Tragedy strikes unexpectedly. In a world marred by war, stampedes, and innumerable health issues, how does one learn to overcome loss? CE explores
Sorrow is but a sojourn
ILLUSTRATION | Mandar Pardikar
Updated on
6 min read

CHENNAI: I don’t feel good at all…’ Don’t lose hope, I said, don’t lose hope. But just two nights later, Dadaji was gone — Covid took him away from us forever.” Anil’s voice shakes with an indefinable emptiness as he recounts his grandfather’s passing three years ago. “Shock. Shock. Shock. That is what hit me first when I heard the news. And then, as the days went by, tears…” laments the 25-year-old.

Today, we live in a world that has metamorphosed from the cataclysmic Covid cocoon. Yet, when we look around, what do we see? A war-ravaged Gaza, adorned by tear after tear of its children and tomb after tomb for 38,000 Palestinians, even as the conflict leaves indelible marks of loss and trauma on many Israeli families. And early this month gazes across the country were pinned on Uttar Pradesh’s Hathras, where a stampede at a religious event snuffed out over 120 lives. And before that, Kallakurichi bore witness to the hooch tragedy which snatched dozens away from their loved ones.

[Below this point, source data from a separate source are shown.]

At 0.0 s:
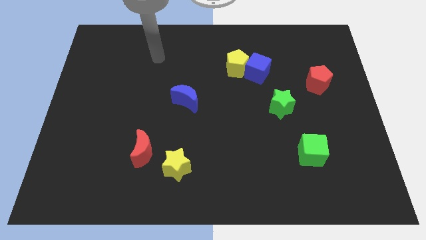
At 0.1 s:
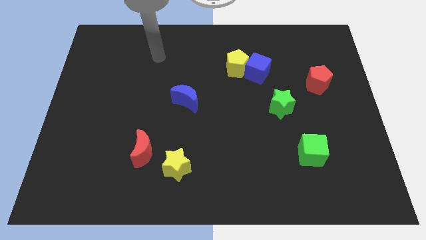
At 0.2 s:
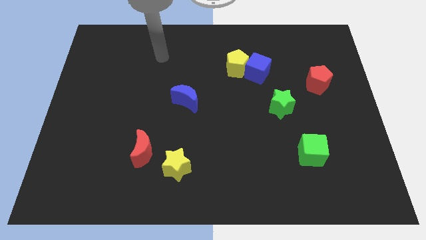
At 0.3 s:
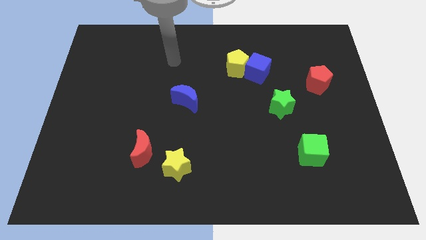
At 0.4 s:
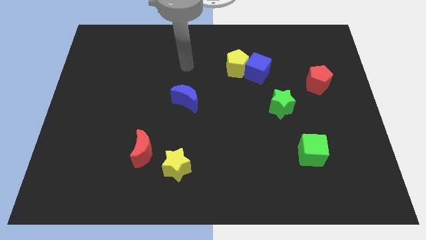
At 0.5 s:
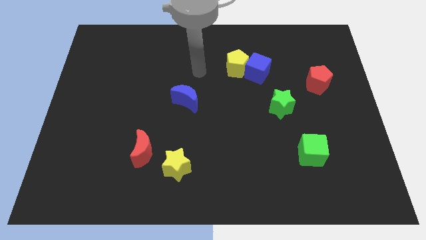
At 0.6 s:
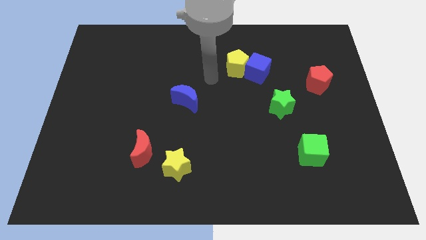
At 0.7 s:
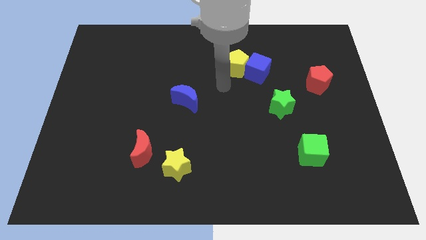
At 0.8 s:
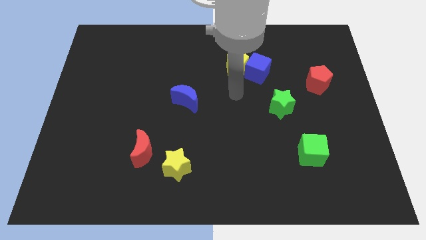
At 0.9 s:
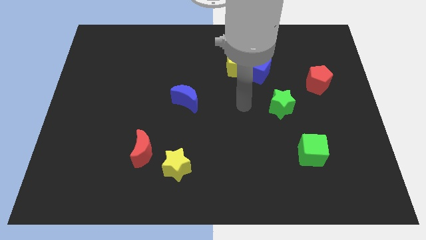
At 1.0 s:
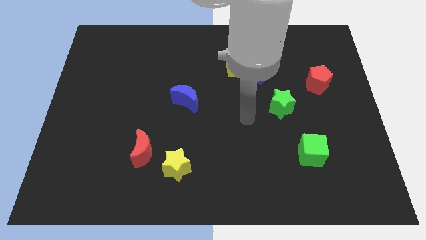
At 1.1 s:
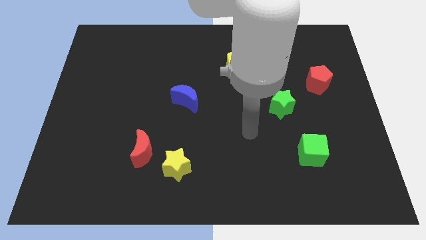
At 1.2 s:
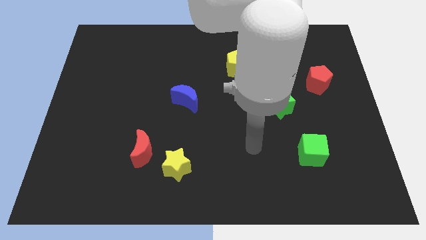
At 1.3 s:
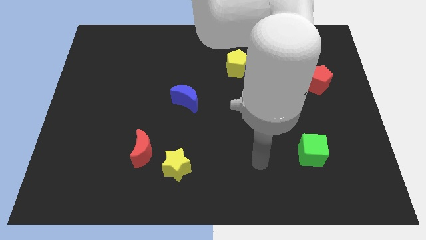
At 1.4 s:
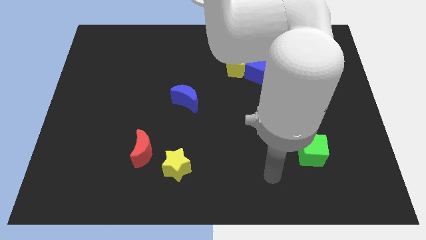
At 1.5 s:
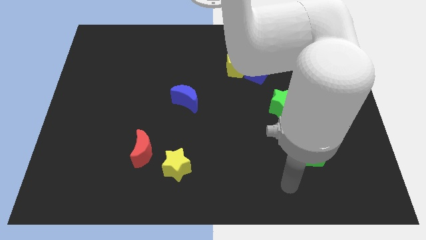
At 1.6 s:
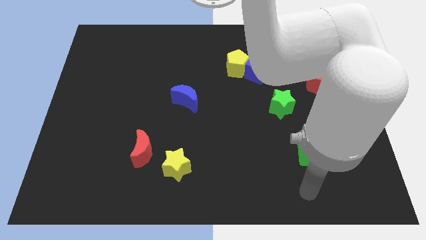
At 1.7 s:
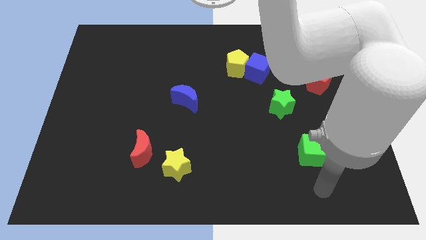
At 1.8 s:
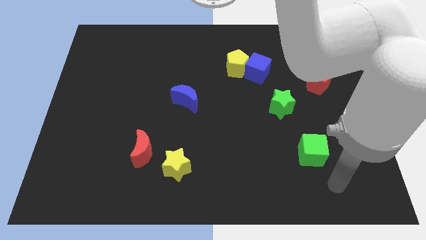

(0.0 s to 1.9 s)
move the arm to the right of the green cube

Loss. Painful, daunting, and cruel. Loss. Of a parent, grandparent, spouse, and so on. Loss. How do we cope? One thus scours for answers in the losses borne by others. Anil shares his two cents: “He was old but I say he had a whole life ahead of him. My way of coping is being supportive, jovial, and always doing good for the community — just like he did. I know…he is watching over me.”

Letting her go

Fifty-one-year-old Venkat lights up like a bunch of Deepavali lights as he tells us about Sujatha, his dream girl. “The first time I saw her…her dimples and that magnetic smile. Twenty years I spent with her and when our girls grew up, we were ready to travel the world together. But one day…”

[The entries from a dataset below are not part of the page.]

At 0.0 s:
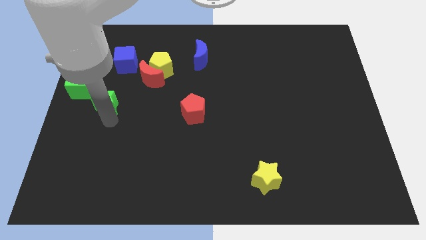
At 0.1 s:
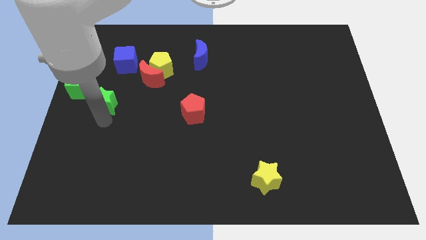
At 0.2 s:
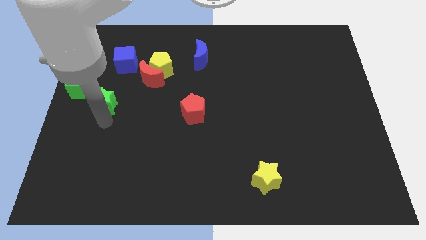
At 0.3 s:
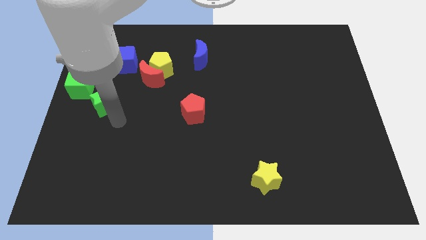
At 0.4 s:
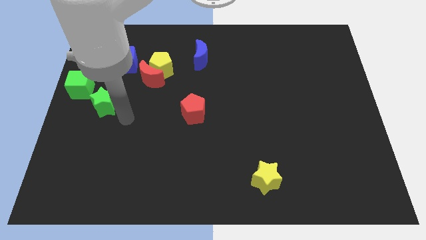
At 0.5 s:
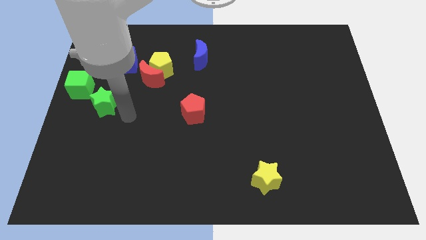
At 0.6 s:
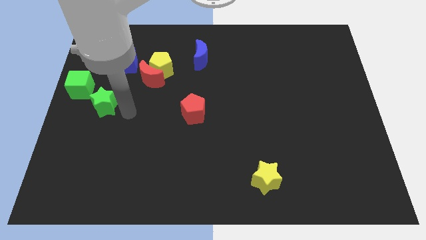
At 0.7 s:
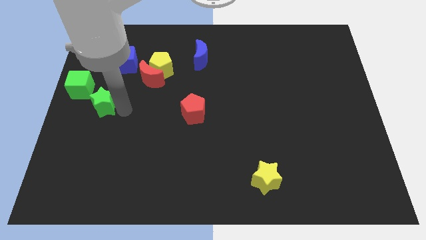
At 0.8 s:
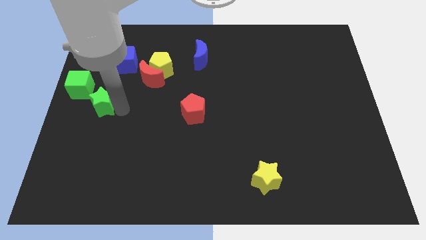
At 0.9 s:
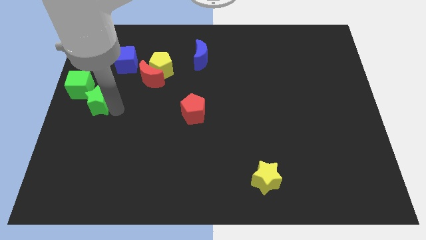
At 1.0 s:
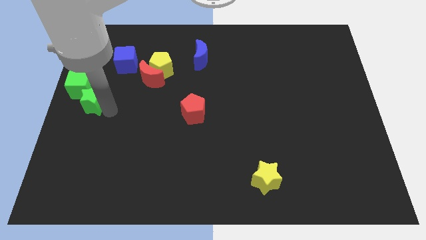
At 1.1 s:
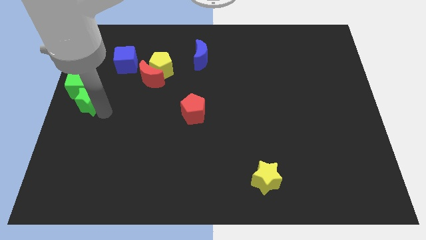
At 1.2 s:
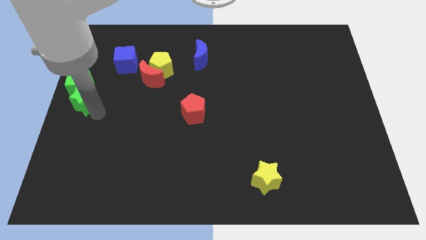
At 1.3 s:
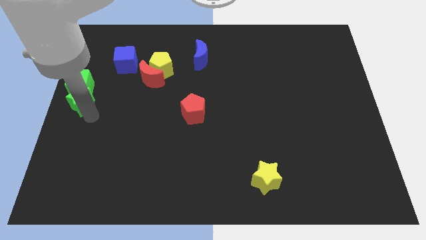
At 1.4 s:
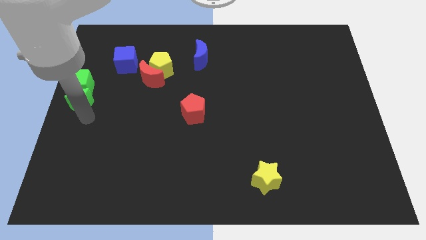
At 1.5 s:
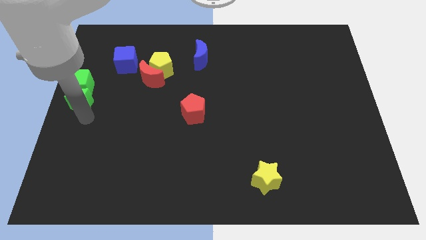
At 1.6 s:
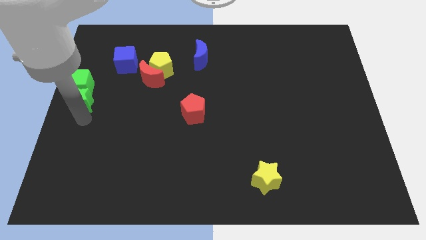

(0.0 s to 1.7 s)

Despite years of grappling with endometriosis and its cascading complications, Sujatha stood tall as a professor and a supermum. “But one day, her oxygen dipped to a dangerous low. One hospital didn’t have the required injection and another didn’t keep it ready despite being informed. I ran from pillar to post even as I was badgered to sign a form! Oxygen dropped to 45…40…and her heart stopped. Pulmonary embolism…” Venkat’s voice fades into an incomprehensible silence.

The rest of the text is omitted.